**AIM OF THE TASK:** Lines below that include "height" are the answer; copy each one.

[[ INFORMATION GIVEN open ]]

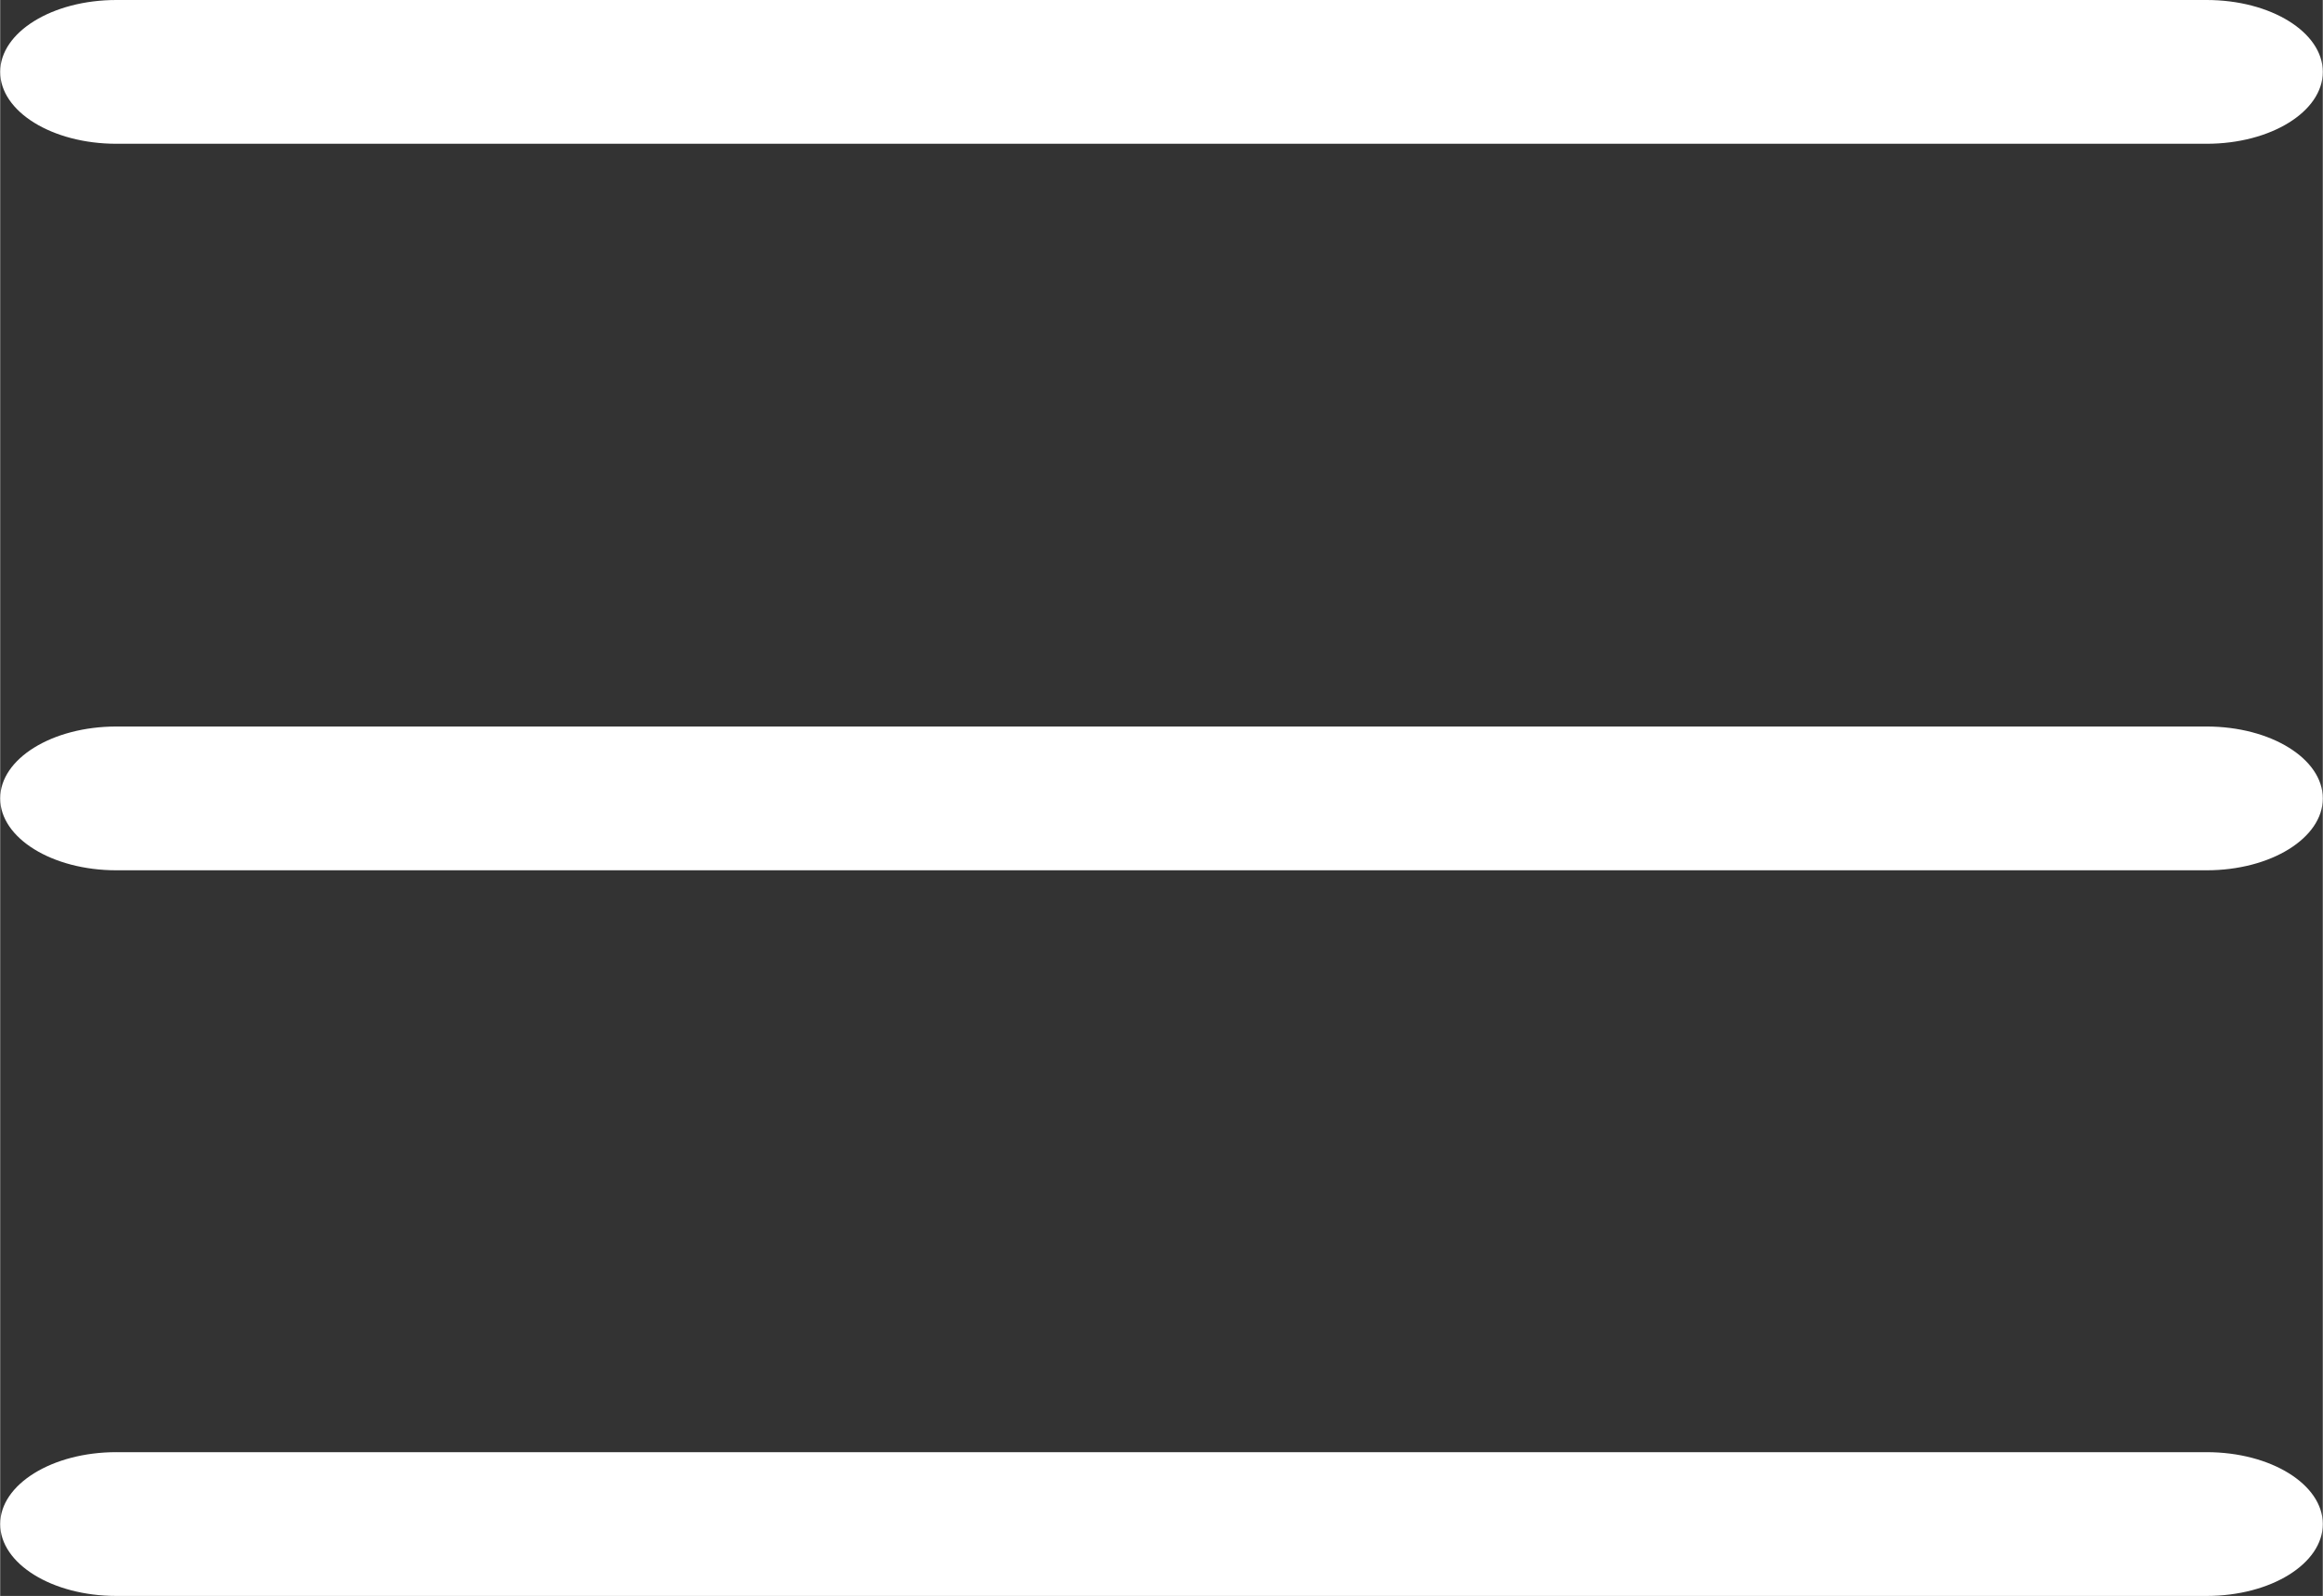 <?xml version="1.0" encoding="UTF-8"?>
<!DOCTYPE svg PUBLIC "-//W3C//DTD SVG 1.1//EN" "http://www.w3.org/Graphics/SVG/1.1/DTD/svg11.dtd">
<!-- Creator: CorelDRAW 2018 -->
<svg xmlns="http://www.w3.org/2000/svg" xml:space="preserve" width="764px" height="525px" version="1.1" style="shape-rendering:geometricPrecision; text-rendering:geometricPrecision; image-rendering:optimizeQuality; fill-rule:evenodd; clip-rule:evenodd"
viewBox="0 0 21443 14737.4"
 xmlns:xlink="http://www.w3.org/1999/xlink">
 <rect x="0" y="0" width="21443" height="14737.4" fill="#333333" stroke="none"/>
 <defs>
  <style type="text/css">
   <![CDATA[
    .fil0 {fill:white}
   ]]>
  </style>
 </defs>
 <g id="Layer_x0020_1">
  <g id="_1072418072">
   <path class="fil0" d="M1072.2 0l19298.6 0c592,0 1072.2,297.3 1072.2,663.8l0 0c0,366.6 -480.2,663.8 -1072.2,663.8l-19298.6 0c-592.1,0 -1072.2,-297.2 -1072.2,-663.8l0 0c0,-366.5 480.1,-663.8 1072.2,-663.8z"/>
   <path class="fil0" d="M1072.2 6708.9l19298.6 0c592,0 1072.2,297.2 1072.2,663.8l0 0c0,366.5 -480.2,663.8 -1072.2,663.8l-19298.6 0c-592.1,0 -1072.2,-297.3 -1072.2,-663.8l0 0c0,-366.6 480.1,-663.8 1072.2,-663.8z"/>
   <path class="fil0" d="M1072.2 13409.8l19298.6 0c592,-0.1 1072.2,297.2 1072.2,663.8l0 0c0,366.5 -480.2,663.8 -1072.2,663.8l-19298.6 0c-592.1,0 -1072.2,-297.3 -1072.2,-663.8l0 0c0,-366.6 480.1,-663.9 1072.2,-663.9z"/>
  </g>
 </g>
</svg>

[[ INFORMATION GIVEN closed ]]

**RESPONSE:**
<svg xmlns="http://www.w3.org/2000/svg" xml:space="preserve" width="764px" height="525px" version="1.1" style="shape-rendering:geometricPrecision; text-rendering:geometricPrecision; image-rendering:optimizeQuality; fill-rule:evenodd; clip-rule:evenodd"
 <rect x="0" y="0" width="21443" height="14737.4" fill="#333333" stroke="none"/>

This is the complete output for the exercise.